Dans ce courrier, l’employeur écrit : «' Nous vous transmettons ce jour la déclaration d’accident du travail, événement survenu le 27 août 2018, pour [S] [H]. Initialement, enregistré en « accident bénin », nous sommes amenés aujourd’hui à réaliser la déclaration d’accident du travail suite à la réception le 11 septembre de l’arrêt de travail du salarié. (') Nous tenons à souligner que Monsieur [H] a travaillé dans les conditions habituelles entre le 27 août et le 10 septembre 2018 (inclus) ainsi que l’existence d’un délai important entre l’événement du 27 août 2018 et l’arrêt de travail du 10 septembre 2018'».

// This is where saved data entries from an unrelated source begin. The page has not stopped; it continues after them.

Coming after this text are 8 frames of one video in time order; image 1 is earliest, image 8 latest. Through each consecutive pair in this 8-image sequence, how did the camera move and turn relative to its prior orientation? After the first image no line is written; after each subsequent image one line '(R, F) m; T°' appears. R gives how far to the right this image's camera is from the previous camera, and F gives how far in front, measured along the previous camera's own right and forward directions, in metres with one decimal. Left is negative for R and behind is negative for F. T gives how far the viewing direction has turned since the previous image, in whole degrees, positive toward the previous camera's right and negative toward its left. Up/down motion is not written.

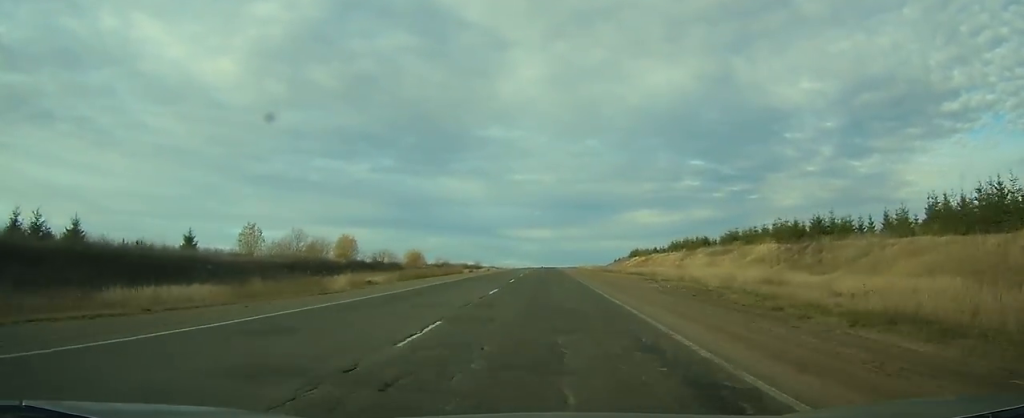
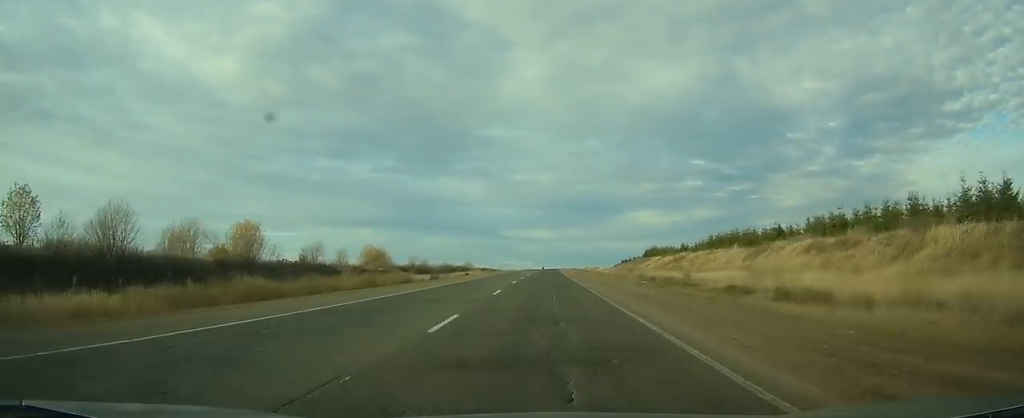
(+0.1, +34.6) m; 0°
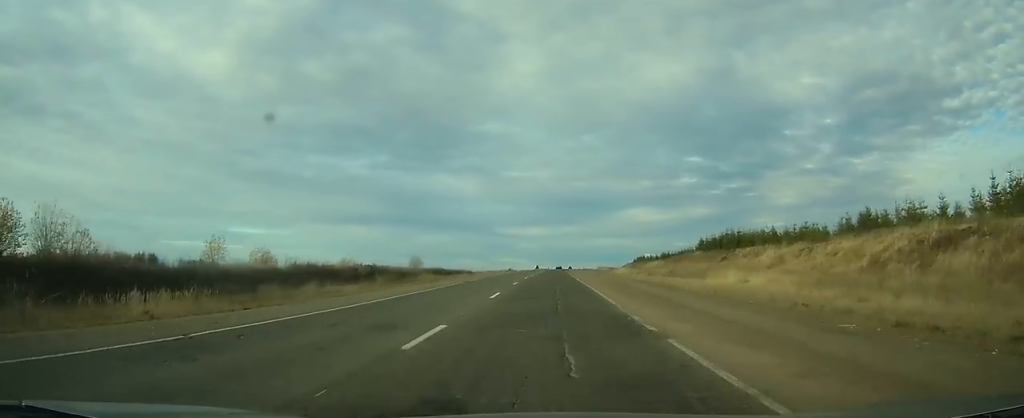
(0.0, +84.6) m; 0°
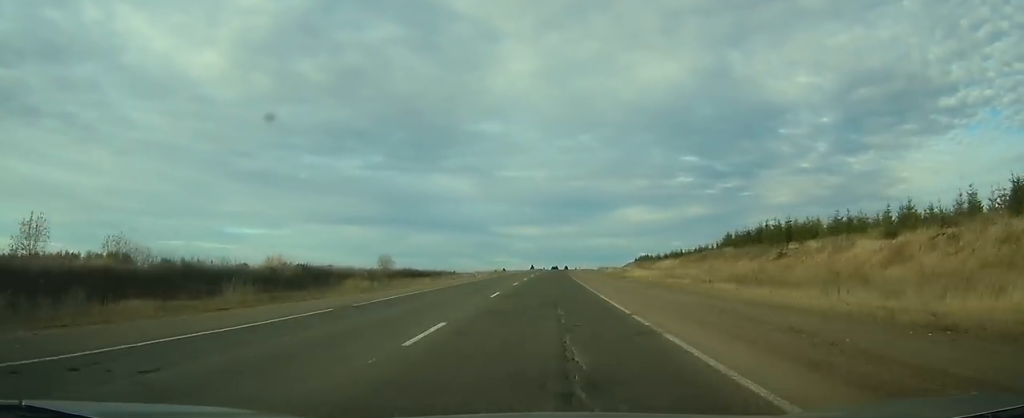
(+0.1, +23.5) m; 0°
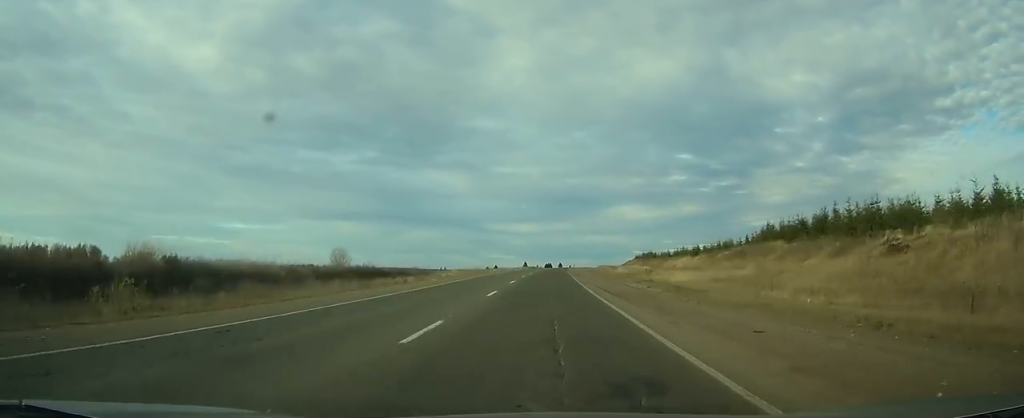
(0.0, +23.5) m; 0°
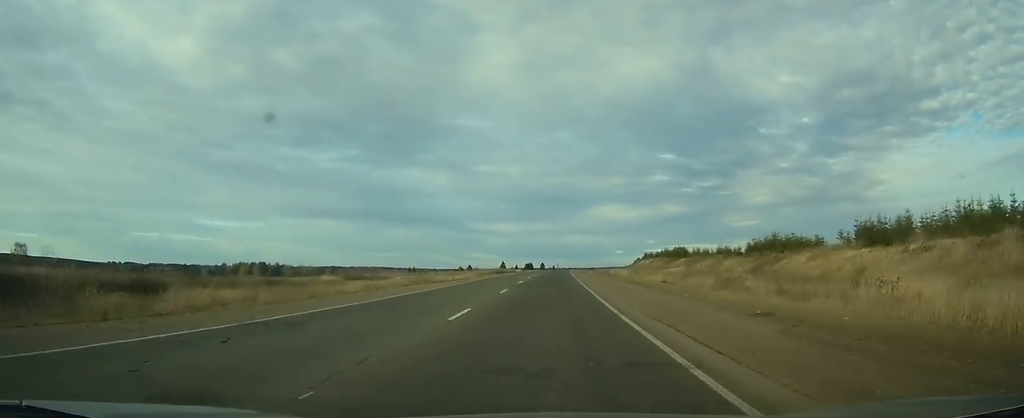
(+1.2, +78.7) m; +2°
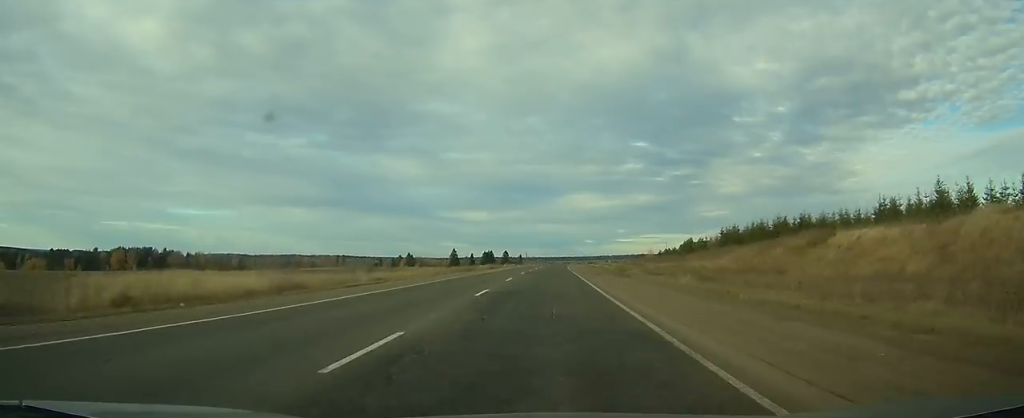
(+4.2, +149.0) m; +3°
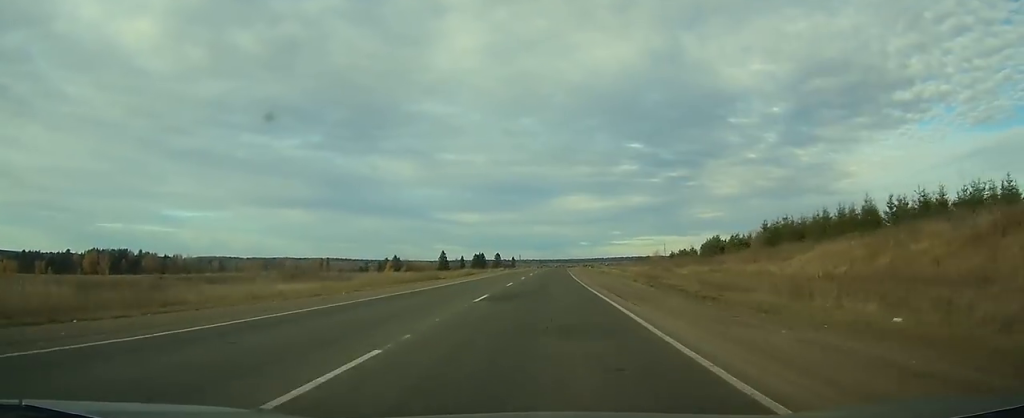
(+0.2, +25.9) m; 0°

Il en résulte que même si l’employeur n’a pas utilisé le terme de «'réserves'» ni dans l’objet du courrier ni dans son contenu, il a formé des observations détaillées sur les circonstances de temps et de lieu de l’accident. Ainsi, l’employeur remarque que le certificat médical initial ne lui a été transmis que le 11 septembre 2018 portant arrêt de travail à compter du 10 septembre 2018 alors même que le salarié a continué à travailler normalement entre le 27 août et 10 septembre inclus. De fait l’employeur met en avant le long délai entre l’événement déclaré (le 27 août) et la constatation de la lésion avec arrêt de travail (le 10 septembre) et ce alors que le salarié a pu travailler normalement pendant 15 jours.

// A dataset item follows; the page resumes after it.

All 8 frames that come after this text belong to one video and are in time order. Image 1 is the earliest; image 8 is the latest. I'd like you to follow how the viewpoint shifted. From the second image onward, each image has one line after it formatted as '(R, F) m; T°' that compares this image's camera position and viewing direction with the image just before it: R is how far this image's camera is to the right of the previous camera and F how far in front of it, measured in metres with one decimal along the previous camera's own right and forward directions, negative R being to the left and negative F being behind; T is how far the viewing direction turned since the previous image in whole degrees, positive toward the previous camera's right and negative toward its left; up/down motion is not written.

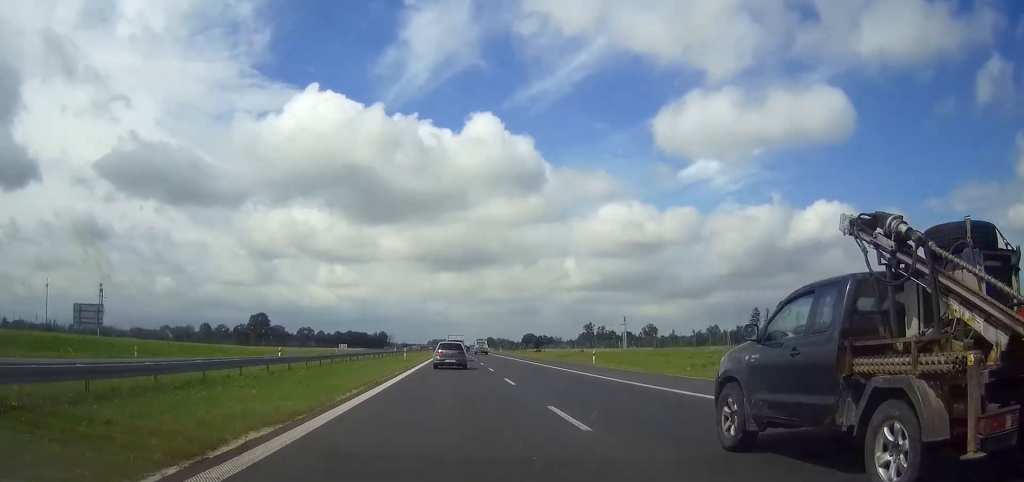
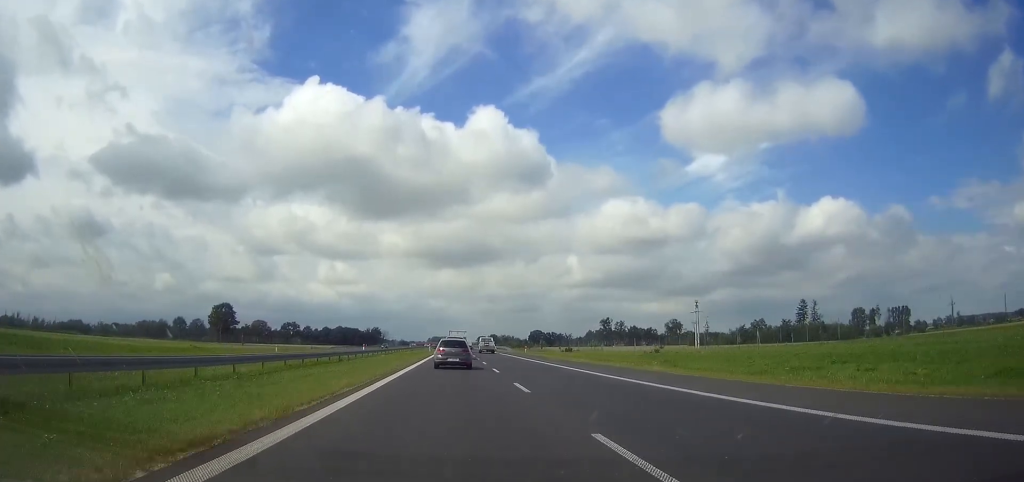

Comme le reconnaît d’ailleurs a minima la CPAM des Landes dans ses écritures, l’employeur a donc émis des «'doutes'» sur «'le lien entre la lésion constatée le 10 septembre 2018 et le fait accidentel du 27 août'». Or, l’invocation par l’employeur de doutes sur les circonstances de temps et de lieu de l’accident et de la lésion constatée constitue bien, comme l’a jugé le premier juge, des réserves motivées étant précisé que l’employeur n’est pas, à ce stade de procédure, tenu d’apporter la preuve de leur bien fondé.

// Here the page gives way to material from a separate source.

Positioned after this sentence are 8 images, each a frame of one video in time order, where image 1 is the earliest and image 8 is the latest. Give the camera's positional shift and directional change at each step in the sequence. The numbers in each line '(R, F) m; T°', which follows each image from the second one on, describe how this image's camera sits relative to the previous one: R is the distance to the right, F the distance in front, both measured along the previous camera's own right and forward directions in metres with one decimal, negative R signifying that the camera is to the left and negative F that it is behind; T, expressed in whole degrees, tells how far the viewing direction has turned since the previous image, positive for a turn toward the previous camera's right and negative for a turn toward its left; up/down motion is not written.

Par conséquent, il résulte de l’ensemble de ces éléments que l’employeur a bien formulé, en temps utile, des réserves quant aux circonstances de temps et de lieu du fait accidentel et de la lésion invoquée de sorte que la caisse ne pouvait prendre sa décision d’emblée, sans procéder à une instruction préalable.
Dès lors la décision de prise en charge du 18 septembre 2018 de l’accident litigieux rendue par la caisse doit être déclarée inopposable à l’employeur. Il convient donc de confirmer le jugement entrepris.
Sur les dépens et l’article 700 du code de procédure civile
En application de l’article 696 du code de procédure civile, la partie perdante est condamnée aux dépens.
Il convient donc de confirmer le jugement entrepris de ce chef et de condamner la CPAM des Landes aux dépens d’appel.
Compte tenu de la nature de la présente décision, il convient de rejeter la demande de la CPAM des Landes fondée sur l’article 700 du code de procédure civile.
PAR CES MOTIFS
La cour d’appel, statuant après débats en audience publique, par décision contradictoire et en dernier ressort,
CONFIRME en toutes ses dispositions le jugement rendu par le tribunal judiciaire de Pau le 14 novembre 2022 ;
Y ajoutant,
CONDAMNE la CPAM des Landes aux dépens d’appel.
REJETTE la demande de la CPAM des Landes fondée sur l’article 700 du code de procédure civile.
Arrêt signé par Madame CAUTRES, Présidente, et par Madame LAUBIE, greffière, à laquelle la minute de la décision a été remise par le magistrat signataire.